Um, I want to close with an observation from Nicole Forsgren and her team's excellent work on the state of dev ops report this year. So, uh, new this year was a section where they dug into what automation practices various organizations have in place. Uh, and they found that, you know, as you, as you might expect and, and very encouragingly there's great progress when it comes to automation of things like bills, deployments, uh, production monitoring, uh, in general testing, but there's a clear area for growth when you dig into these results. In, in, in particular, in the row that I highlighted here, when it comes to automation of security testing. So I'm hoping the next year, uh, we'll see these numbers increase because this is really, this is what I've been talking about here, right? Is approaches that different organizations have taken to automating and making more continuous, um, their security and other, uh, certification and assurance processes, right?

00:23:53

So I'm hoping next year, we'll see these numbers increase. And, uh, also just hear more and more right about continuous assurance and automation of these compliance workflows, because it really is a key opportunity for improvements in productivity. Uh, the largest tech companies, Google and Facebook have shown that it can work at scale. Uh, and now we just need to go through the cultural transformations necessary, uh, to embrace it more broadly, right? Because just like successful CII CD and dev ops transformations in general, um, you know, there's, there's a technology component, but they're really rooted in transformations of culture. It's going to be the same way with continuous assurance, right? It's about shifting the processes that are involved, uh, shifting various humans roles in that process and so forth. So see this as a call to action and dialogue.
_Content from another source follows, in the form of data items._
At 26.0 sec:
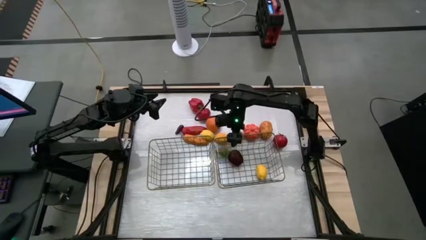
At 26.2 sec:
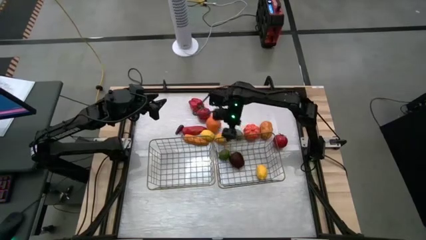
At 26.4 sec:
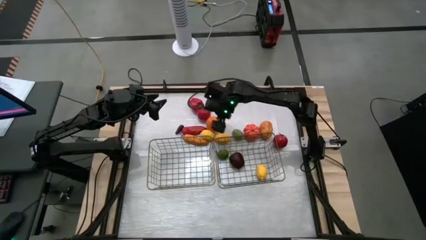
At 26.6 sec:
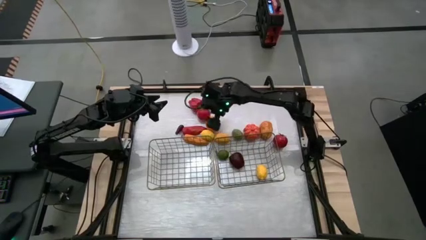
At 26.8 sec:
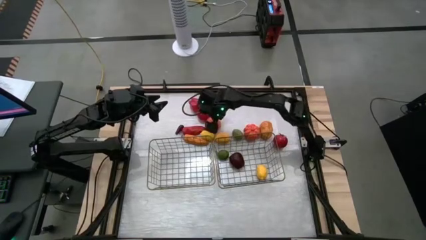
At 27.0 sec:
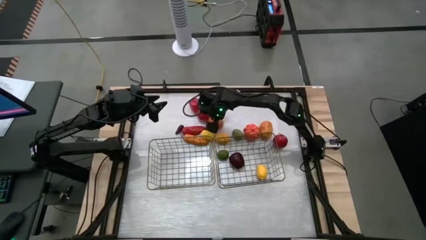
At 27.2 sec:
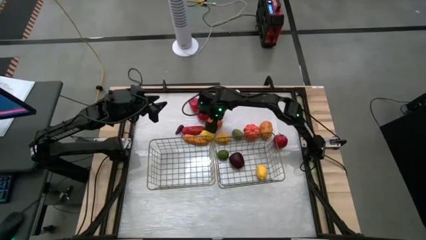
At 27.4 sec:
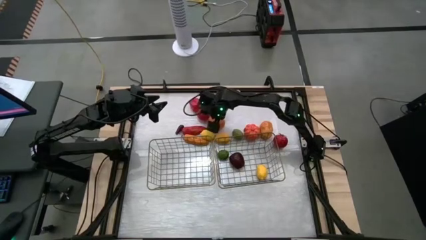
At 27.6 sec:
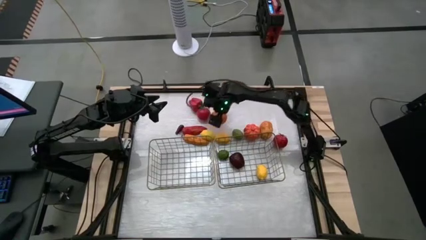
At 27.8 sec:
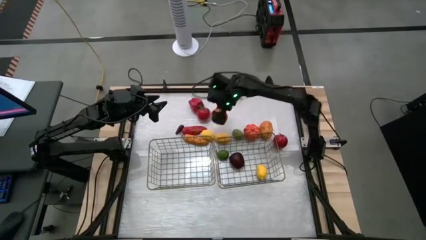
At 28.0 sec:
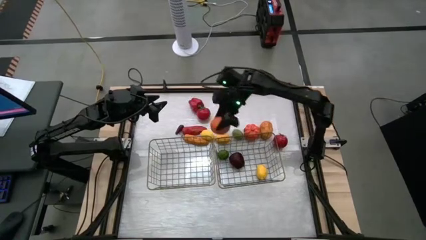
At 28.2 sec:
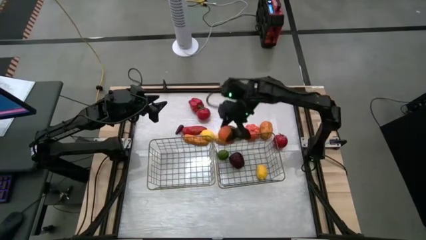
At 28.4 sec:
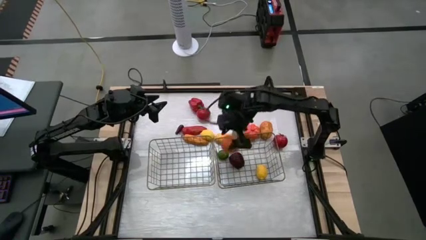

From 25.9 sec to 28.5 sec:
Put the orange into the right wire basket

Um, I want to hear your stories. I want to hear about what you're doing, and I want to leverage this community. This CVS is gene. So rightly puts it to help everyone make progress in this area. So thank you. I'll be around monitoring slack. Please send me your questions, your stories, or anecdotes. I want to hear about, um, what everyone's doing in this space and what everyone thinks would be valuable.

00:25:07

Um, so please, in Julia answers, if you have any questions or thoughts, please tell them before I leave by.